▸ **EXERCISE**
All entries are to be transcribed exactly. Pictures are not part of the copy.
BEGIN DATASET CONTENT
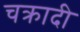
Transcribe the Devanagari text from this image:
चक्रादी
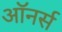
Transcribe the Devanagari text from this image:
अाॅनर्स
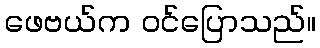
ဖေဗယ်က ဝင်ပြောသည်။
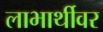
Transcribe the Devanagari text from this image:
लाभार्थीवर
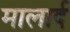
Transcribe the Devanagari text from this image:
मालार्द
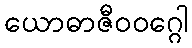
ယောဓာဇီဝဝဂ္ဂေါ
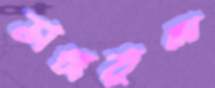
ভাঙ্গতুম
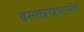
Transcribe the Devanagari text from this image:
बसवन्नाप्रधानमंत्री
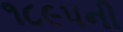
૧૮૯૫ની
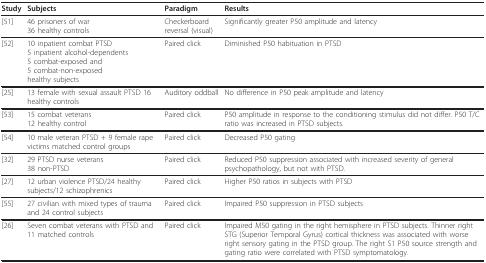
END DATASET CONTENT
▸ **RESPONSE**
Transcribe the Devanagari text from this image:
चक्रादी
Transcribe the Devanagari text from this image:
अाॅनर्स
ဖေဗယ်က ဝင်ပြောသည်။
Transcribe the Devanagari text from this image:
लाभार्थीवर
Transcribe the Devanagari text from this image:
मालार्द
ယောဓာဇီဝဝဂ္ဂေါ
ভাঙ্গতুম
Transcribe the Devanagari text from this image:
बसवन्नाप्रधानमंत्री
૧૮૯૫ની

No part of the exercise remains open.